Downloading:   0%|          | 0.00/29.0 [00:00<?, ?B/s]

Downloading:   0%|          | 0.00/426k [00:00<?, ?B/s]

In [None]:
if device == 'cuda':
  model.cuda() 

# Test of the tokenizer

In [None]:
sample = "let's encode a sentence"
print("raw: ", sample)
tokenized = tokenizer.tokenize(sample)[:512] # Taille maximale des séquences dans bert, même si la sequence est longue
print('tokenized: ', tokenized) 
input_inds = tokenizer.convert_tokens_to_ids(tokenized)
print('encoded: ', input_inds)
## encode ne fait pas parti du vocabulaire
## même principe que la bpe-isation

raw:  let's encode a sentence
tokenized:  ['let', "'", 's', 'en', '##code', 'a', 'sentence']
encoded:  [1519, 112, 188, 4035, 13775, 170, 5650]


In [None]:
tensor_sentence = torch.tensor([input_inds])
tensor_sentence = tensor_sentence.to(device) # put tensor on device = 'cuda'
tensor_sentence

tensor([[ 1519,   112,   188,  4035, 13775,   170,  5650]], device='cuda:0')

In [None]:
output = model(tensor_sentence)
hidden_states = output.hidden_states
len(hidden_states) # la première couche correspond à la couche d'embedding

13

In [None]:
hidden_states[0].shape

torch.Size([1, 7, 768])

In [None]:
hidden_states[0][0].detach().cpu().numpy() # pour le convertir en array 
                                           # detach pour l'éliminer de l'arbre de calcul
                                           # cpu pour quitter cuda
hidden_states = hidden_states[1:]

In [None]:
word_embeddings = [layer_embeddings[0].mean(axis=0).detach().cpu().numpy() for layer_embeddings in hidden_states]

In [None]:
word_embeddings[0].shape
# model, tokenizer, phrase, et retourne liste word_embeddings

(768,)

# Function for tokenizer a sentence

In [None]:
def encode_sentence(model, tokenizer, sentence):  
  tokenized = tokenizer.tokenize(sentence)[:512]
  input_inds = tokenizer.convert_tokens_to_ids(tokenized)
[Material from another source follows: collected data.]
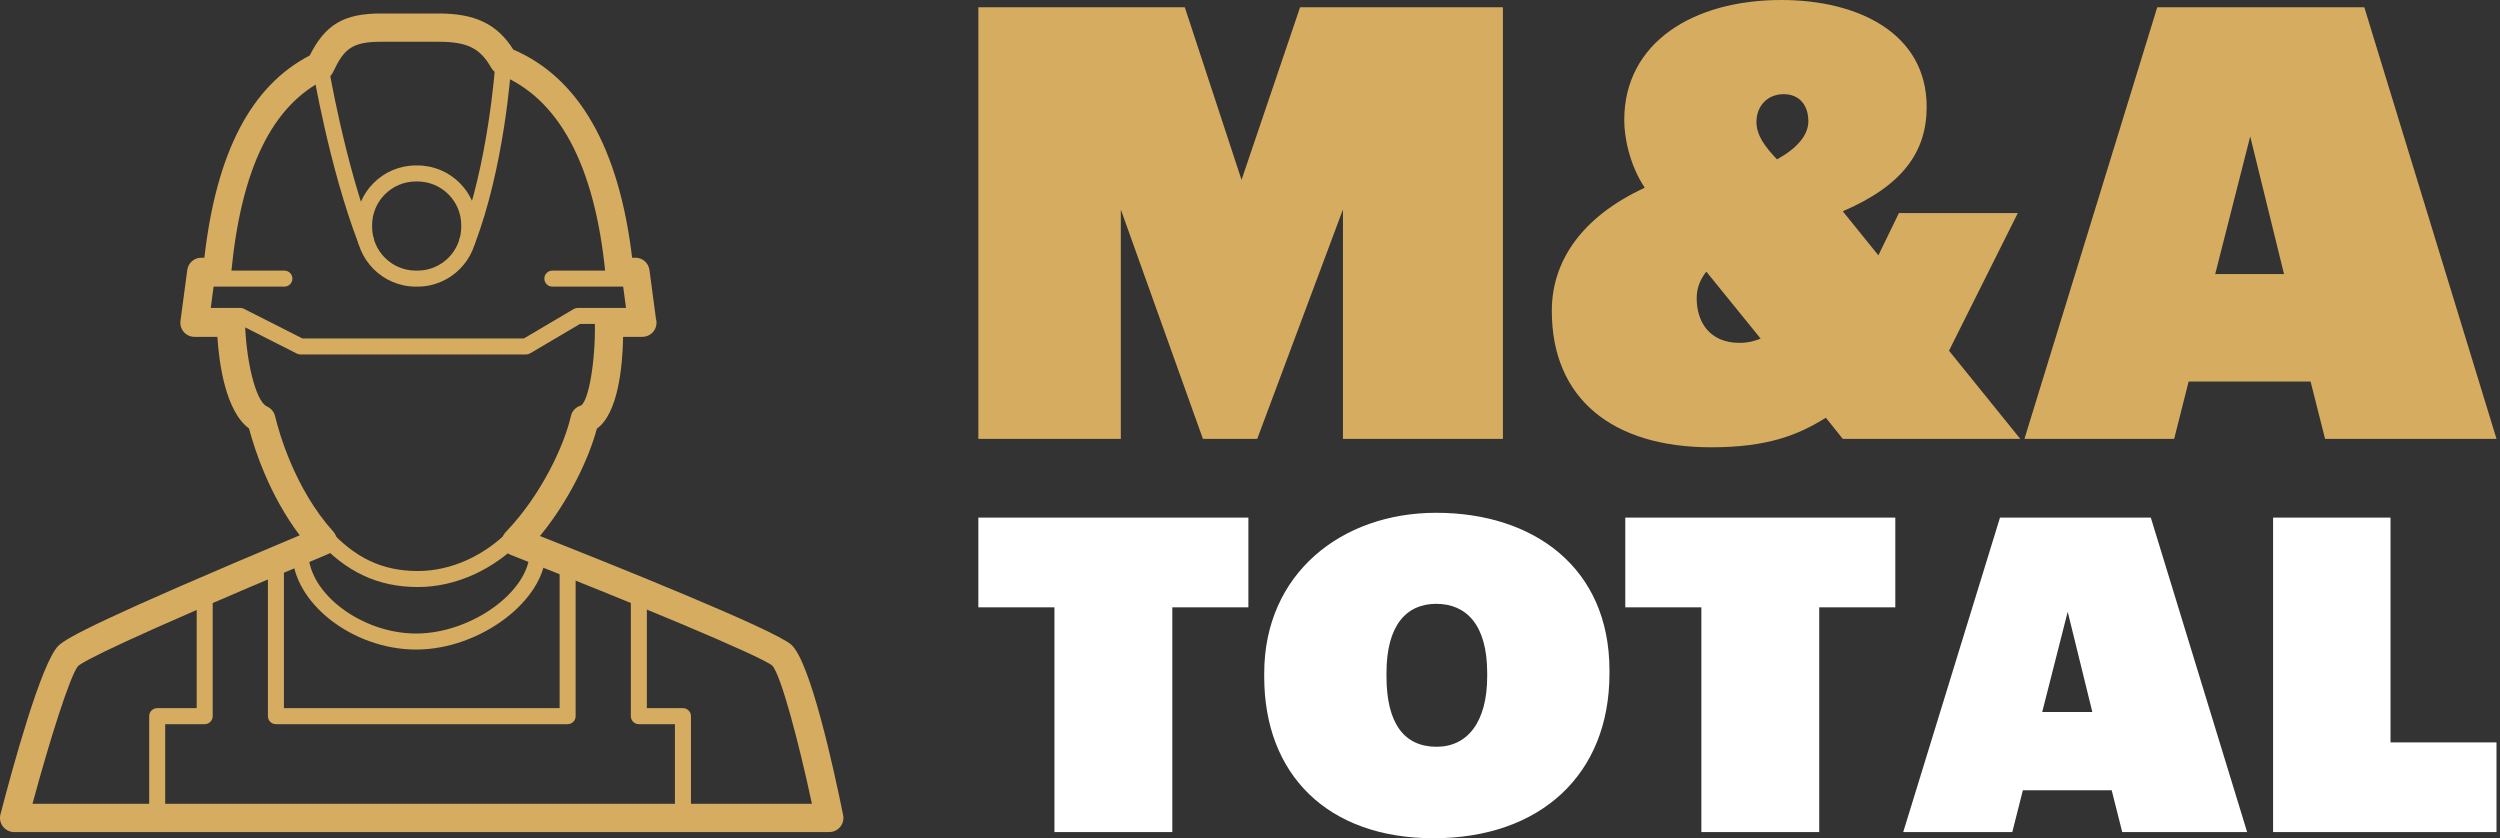 <svg width="170" height="57" viewBox="0 0 170 57" fill="none" xmlns="http://www.w3.org/2000/svg">
<rect x="0" y="0" width="170" height="57" fill="#333333" stroke="none"/>
<path d="M28.411 39.918C25.704 39.918 23.52 38.893 21.538 36.691C21.337 36.467 21.355 36.122 21.579 35.921C21.802 35.721 22.146 35.738 22.347 35.962C24.132 37.944 26.002 38.829 28.411 38.829C30.708 38.829 33.033 37.762 34.789 35.902C34.997 35.684 35.341 35.674 35.559 35.88C35.778 36.087 35.788 36.431 35.581 36.65C33.62 38.727 31.006 39.918 28.411 39.918Z" fill="#D6AD60"/>
<path d="M38.597 49.244H18.762C18.461 49.244 18.218 49 18.218 48.7V38.666C18.218 38.366 18.461 38.122 18.762 38.122C19.063 38.122 19.307 38.366 19.307 38.666V48.155H38.054V38.436C38.054 38.135 38.297 37.891 38.598 37.891C38.899 37.891 39.143 38.135 39.143 38.436V48.7C39.142 49 38.899 49.244 38.597 49.244Z" fill="#D6AD60"/>
<path d="M10.69 55.702C10.388 55.702 10.145 55.458 10.145 55.157V48.7C10.145 48.399 10.388 48.155 10.69 48.155H13.374V40.512C13.374 40.211 13.617 39.967 13.919 39.967C14.22 39.967 14.463 40.211 14.463 40.512V48.7C14.463 49 14.22 49.244 13.919 49.244H11.234V55.157C11.233 55.458 10.991 55.702 10.69 55.702Z" fill="#D6AD60"/>
<path d="M46.44 55.702C46.139 55.702 45.895 55.458 45.895 55.157V49.244H43.441C43.14 49.244 42.897 49 42.897 48.7V40.512C42.897 40.211 43.14 39.967 43.441 39.967C43.742 39.967 43.986 40.211 43.986 40.512V48.155H46.44C46.741 48.155 46.985 48.399 46.985 48.7V55.157C46.984 55.458 46.741 55.702 46.44 55.702Z" fill="#D6AD60"/>
<path d="M28.295 44.17C23.97 44.17 19.881 40.967 19.881 37.577C19.881 37.277 20.125 37.033 20.426 37.033C20.727 37.033 20.971 37.277 20.971 37.577C20.971 40.355 24.599 43.08 28.296 43.08C32.052 43.08 36.025 40.209 36.025 37.493C36.025 37.193 36.268 36.949 36.569 36.949C36.87 36.949 37.114 37.193 37.114 37.493C37.112 40.801 32.663 44.17 28.295 44.17Z" fill="#D6AD60"/>
<path d="M56.392 56.58H0.961C0.664 56.58 0.384 56.442 0.201 56.207C0.019 55.971 -0.044 55.665 0.031 55.377C0.828 52.307 2.809 45.042 3.976 43.907C4.528 43.368 6.913 42.054 20.381 36.402C18.303 33.651 17.303 30.528 16.933 29.138C15.344 27.958 14.902 24.754 14.781 22.906H13.225C12.948 22.906 12.685 22.786 12.502 22.578C12.32 22.369 12.236 22.092 12.273 21.818L12.735 18.358C12.799 17.881 13.206 17.524 13.687 17.524H13.897C14.719 10.356 17.067 5.85 21.06 3.774C22.134 1.646 23.397 0.918 25.912 0.918H29.832C32.312 0.918 33.807 1.633 34.903 3.371C39.372 5.288 42.088 10.045 42.984 17.524H43.21C43.692 17.524 44.099 17.881 44.163 18.358L44.603 21.663C44.63 21.753 44.644 21.847 44.644 21.945C44.644 22.476 44.214 22.906 43.683 22.906C43.681 22.906 43.676 22.906 43.67 22.906H42.372C42.333 24.966 42.026 28.111 40.587 29.15C40.031 31.213 38.69 34.045 36.718 36.449C41.176 38.21 52.601 42.779 53.803 43.836C55.105 44.98 56.705 52.325 57.333 55.429C57.39 55.711 57.318 56.004 57.134 56.227C56.951 56.451 56.68 56.58 56.392 56.58ZM2.21 54.658H55.21C54.309 50.425 53.101 45.907 52.52 45.264C51.673 44.574 42.721 40.865 34.737 37.735C34.44 37.618 34.219 37.361 34.15 37.048C34.081 36.736 34.172 36.409 34.392 36.178L34.489 36.076C36.809 33.619 38.362 30.318 38.822 28.291C38.899 27.948 39.157 27.676 39.495 27.579C40.028 27.291 40.498 24.559 40.452 21.962C40.448 21.704 40.547 21.455 40.728 21.271C40.908 21.087 41.156 20.984 41.413 20.984H42.575L42.37 19.446H42.123C41.629 19.446 41.215 19.071 41.167 18.579C40.44 11.201 37.992 6.644 33.892 5.033C33.689 4.953 33.518 4.805 33.409 4.615C32.644 3.271 31.774 2.84 29.833 2.84H25.913C23.933 2.84 23.388 3.328 22.653 4.895C22.559 5.096 22.399 5.258 22.198 5.354C18.517 7.118 16.397 11.443 15.72 18.576C15.673 19.069 15.259 19.446 14.764 19.446H14.53L14.325 20.984H15.702C16.224 20.984 16.651 21.401 16.663 21.924C16.716 24.337 17.344 27.279 18.16 27.643C18.433 27.764 18.634 28.006 18.704 28.296C18.97 29.402 20.042 33.238 22.659 36.144C22.866 36.374 22.949 36.69 22.884 36.992C22.817 37.295 22.609 37.547 22.325 37.67C22.186 37.73 21.826 37.88 21.302 38.101C8.323 43.546 5.711 44.943 5.31 45.291C4.776 45.9 3.354 50.408 2.21 54.658Z" fill="#D6AD60"/>
<path d="M35.772 24.104H20.434C20.348 24.104 20.264 24.083 20.188 24.045L16.21 22.028H13.856C13.555 22.028 13.312 21.784 13.312 21.483C13.312 21.183 13.555 20.939 13.856 20.939H16.34C16.426 20.939 16.511 20.959 16.587 20.998L20.564 23.015H35.623L39.013 21.015C39.097 20.965 39.192 20.939 39.29 20.939H43.028C43.329 20.939 43.572 21.183 43.572 21.483C43.572 21.784 43.329 22.028 43.028 22.028H39.438L36.048 24.028C35.965 24.078 35.87 24.104 35.772 24.104Z" fill="#D6AD60"/>
<path d="M24.892 16.933C24.674 16.933 24.467 16.8 24.384 16.584C22.387 11.415 21.256 4.644 21.245 4.576C21.197 4.279 21.397 3.999 21.694 3.95C21.991 3.905 22.27 4.102 22.32 4.399C22.331 4.466 23.444 11.128 25.401 16.192C25.509 16.473 25.369 16.788 25.09 16.896C25.024 16.921 24.957 16.933 24.892 16.933Z" fill="#D6AD60"/>
<path d="M31.761 16.981C31.695 16.981 31.629 16.97 31.564 16.945C31.284 16.837 31.145 16.521 31.253 16.241C33.2 11.199 33.667 4.518 33.672 4.451C33.692 4.151 33.96 3.926 34.251 3.944C34.552 3.964 34.778 4.224 34.758 4.524C34.739 4.804 34.276 11.439 32.268 16.634C32.186 16.849 31.979 16.981 31.761 16.981Z" fill="#D6AD60"/>
<path d="M28.389 19.491H28.279C26.038 19.491 24.214 17.668 24.214 15.426V15.316C24.214 13.075 26.038 11.251 28.279 11.251H28.389C30.63 11.251 32.453 13.075 32.453 15.316V15.426C32.453 17.668 30.63 19.491 28.389 19.491ZM28.279 12.341C26.638 12.341 25.303 13.675 25.303 15.317V15.427C25.303 17.067 26.638 18.402 28.279 18.402H28.389C30.03 18.402 31.365 17.068 31.365 15.427V15.317C31.365 13.676 30.03 12.341 28.389 12.341H28.279Z" fill="#D6AD60"/>
<path d="M19.339 19.491H13.803C13.502 19.491 13.259 19.247 13.259 18.946C13.259 18.646 13.502 18.402 13.803 18.402H19.339C19.64 18.402 19.883 18.646 19.883 18.946C19.883 19.247 19.64 19.491 19.339 19.491Z" fill="#D6AD60"/>
<path d="M42.865 19.491H37.56C37.259 19.491 37.016 19.247 37.016 18.946C37.016 18.646 37.259 18.402 37.56 18.402H42.865C43.166 18.402 43.41 18.646 43.41 18.946C43.41 19.247 43.166 19.491 42.865 19.491Z" fill="#D6AD60"/>
<path d="M66.528 29.841V0.493H80.566L84.425 12.232L88.406 0.493H102.198V29.841H91.321V14.243L85.492 29.841H81.798L76.215 14.243V29.841H66.528ZM137.211 14.49L132.532 23.848L137.376 29.841H125.308L124.158 28.405C122.311 29.554 120.259 30.416 116.36 30.416C109.669 30.416 105.523 27.132 105.523 21.139C105.523 17.814 107.493 14.777 111.844 12.766C110.777 11.165 110.449 9.277 110.449 8.168C110.449 2.873 115.169 0 121.121 0C126.416 0 131.013 2.299 131.013 7.265C131.013 10.303 129.412 12.601 125.308 14.367L127.73 17.363L129.125 14.49H137.211ZM118.289 23.315C118.945 23.315 119.397 23.151 119.725 23.027L116.031 18.471C115.744 18.841 115.374 19.415 115.374 20.277C115.374 21.878 116.236 23.315 118.289 23.315ZM119.438 8.292C119.438 9.195 120.013 9.974 120.834 10.836C122.188 10.098 122.968 9.195 122.968 8.25C122.968 7.142 122.352 6.403 121.285 6.403C120.177 6.403 119.438 7.224 119.438 8.292ZM137.663 29.841L146.693 0.493H160.773L169.762 29.841H158.104L157.119 25.942H148.828L147.843 29.841H137.663ZM153.015 9.277L150.634 18.635H155.313L153.015 9.277Z" fill="#D6AD60"/>
<path d="M71.702 56.581V41.3H66.528V35.199H84.89V41.3H79.717V56.581H71.702ZM97.69 50.78C99.783 50.78 101.129 49.105 101.129 45.995V45.756C101.129 42.466 99.693 41.06 97.66 41.06C95.656 41.06 94.281 42.496 94.281 45.756V45.995C94.281 49.225 95.507 50.78 97.69 50.78ZM97.48 57C90.273 57 85.967 52.664 85.967 46.025V45.785C85.967 39.027 91.2 34.87 97.66 34.87C104.299 34.87 109.443 38.608 109.443 45.576V45.815C109.443 52.664 104.747 57 97.48 57ZM115.693 56.581V41.3H110.519V35.199H128.881V41.3H123.707V56.581H115.693ZM129.419 56.581L135.999 35.199H146.256L152.805 56.581H144.312L143.595 53.74H137.554L136.836 56.581H129.419ZM140.604 41.599L138.87 48.417H142.279L140.604 41.599ZM154.57 56.581V35.199H162.555V50.481H169.762V56.581H154.57Z" fill="white"/>
</svg>

  tensor_sentence = torch.tensor([input_inds])
  tensor_sentence = tensor_sentence.to(device)

  output = model(tensor_sentence)
  hidden_states = output.hidden_states

  hidden_states = hidden_states[1:]

  document_embeddings = [layer_embeddings[0].mean(axis=0).detach().cpu().numpy() for layer_embeddings in hidden_states]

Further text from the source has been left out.